Все драгуны, кроме часовых, оставленных караулить капитана Уортона, вскочили на лошадей и понеслись навстречу своим товарищам. Лоутон не забыл принять все необходимые меры предосторожности — в этой войне нужна была удвоенная бдительность, так как враги говорили на одном языке и не отличались друг от друга ни видом, ни обычаями. Приблизившись к отряду кавалерии, вдвое большему, чем его собственный, так что уже можно было различить лица, капитан Лоутон пришпорил коня и через минуту оказался подле своего командира.
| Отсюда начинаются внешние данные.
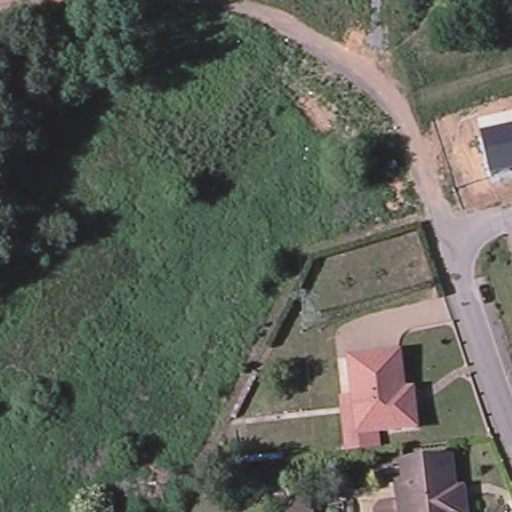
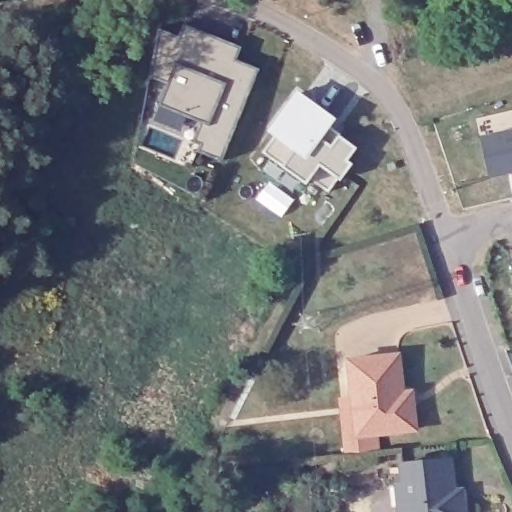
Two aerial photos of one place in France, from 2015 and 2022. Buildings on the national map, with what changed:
new [(158,26),(178,34),(183,21),(222,37),(217,50),(258,66),(221,159),(196,149),(199,142),(192,140),(200,120),(158,103),(159,101),(167,81),(148,74),(158,26)]
new [(276,131),(271,127),(297,92),(331,117),(310,145),(323,155),(325,152),(343,166),(327,189),(310,175),(305,180),(263,150),(276,131)]
new [(145,95),(159,101),(158,103),(200,120),(192,140),(140,118),(145,95)]
unchanged [(490,180),(481,135),(512,129),(512,175),(490,180)]
unchanged [(412,403),(415,427),(357,433),(348,358),(397,353),(403,404),(412,403)]
unchanged [(401,502),(406,502),(402,462),(449,456),(453,497),(462,496),(464,512),(402,512),(401,502)]

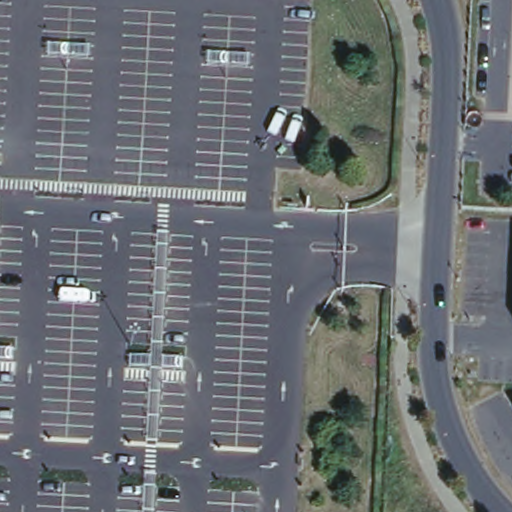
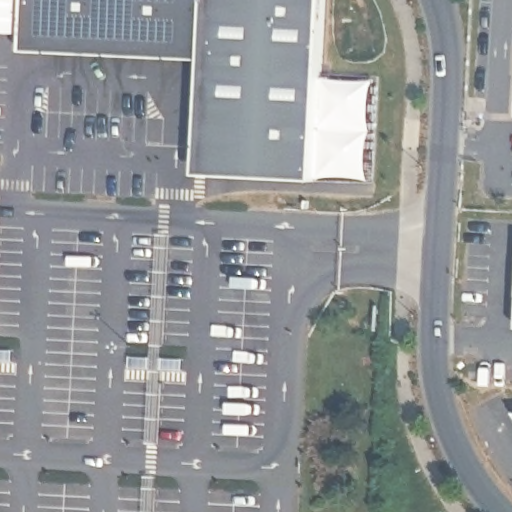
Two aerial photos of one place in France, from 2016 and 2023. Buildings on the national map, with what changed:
new [(208,176),(213,79),(36,70),(39,0),(340,0),(331,182),(208,176)]

Лужайку перед домом мистера Уортона снова заполнили кавалеристы; соблюдая те же предосторожности, вновь прибывшие поспешили разделить со своими товарищами приготовленное для тех угощение.

 ГЛАВА VI

Великими победами своими

Прославлены навеки полководцы,

Но только тот действительно герой,

Кто, восхищаясь женской красотой,

Способен с ее чарами бороться.

Мур

Дамы семейства Уортон собрались у окна и с глубоким вниманием наблюдали за описанной нами сценой.
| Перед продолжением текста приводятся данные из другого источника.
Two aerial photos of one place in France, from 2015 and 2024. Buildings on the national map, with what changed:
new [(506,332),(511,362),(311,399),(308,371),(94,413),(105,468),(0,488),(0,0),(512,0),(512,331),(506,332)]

Сара смотрела на своих соотечественников с улыбкой, полной презрительного равнодушия; ей не хотелось отдавать должное даже внешнему виду людей, вооружившихся, как она считала, во имя дьявольского дела — мятежа. Мисс Пейтон любовалась великолепным зрелищем, гордая тем, что это были воины отборных полков ее родной колонии; а Френсис волновало лишь одно чувство, захватившее ее целиком.
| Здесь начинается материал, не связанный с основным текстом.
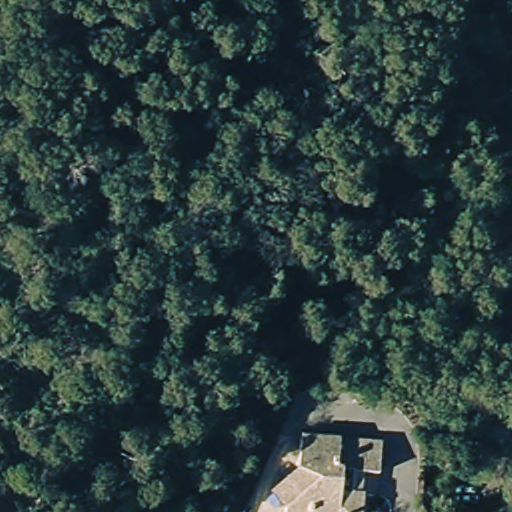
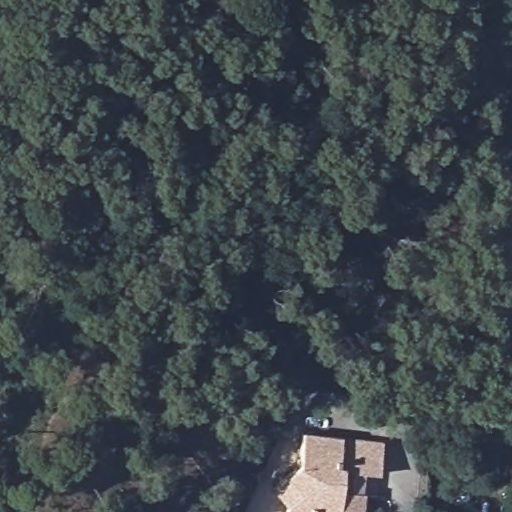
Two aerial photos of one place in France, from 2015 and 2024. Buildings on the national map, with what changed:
unchanged [(512,412),(512,429),(487,429),(487,411),(512,412)]
unchanged [(293,512),(294,509),(277,491),(300,463),(303,432),(384,441),(380,476),(365,474),(362,496),(364,496),(362,512),(293,512)]

Отряды не успели еще соединиться, как острый глаз девушки выделил из всех прочих одного всадника. Даже лошадь этого молодого воина, казалось ей, сознавала, что она несет на себе человека необыкновенного. Копыта чистокровного боевого коня едва касались земли — такой легкой и плавной была его поступь.

Драгун сидел в седле с непринужденным спокойствием, показывавшим, что он уверен в себе и в своей лошади; в его высокой, стройной, мускулистой фигуре ощущались и сила и ловкость. Именно этому офицеру рапортовал Лоутон, и они въехали бок о бок на лужайку перед домом мистера Уортона.

Командир отряда на мгновение задержался и окинул взглядом усадьбу. Несмотря на разделявшее их расстояние, Френсис разглядела его черные блестящие глаза; сердце ее забилось так сильно, что у нее перехватило дыхание. Когда всадник соскочил с коня, она побледнела и, почувствовав, что у нее подгибаются колени, присела на стул.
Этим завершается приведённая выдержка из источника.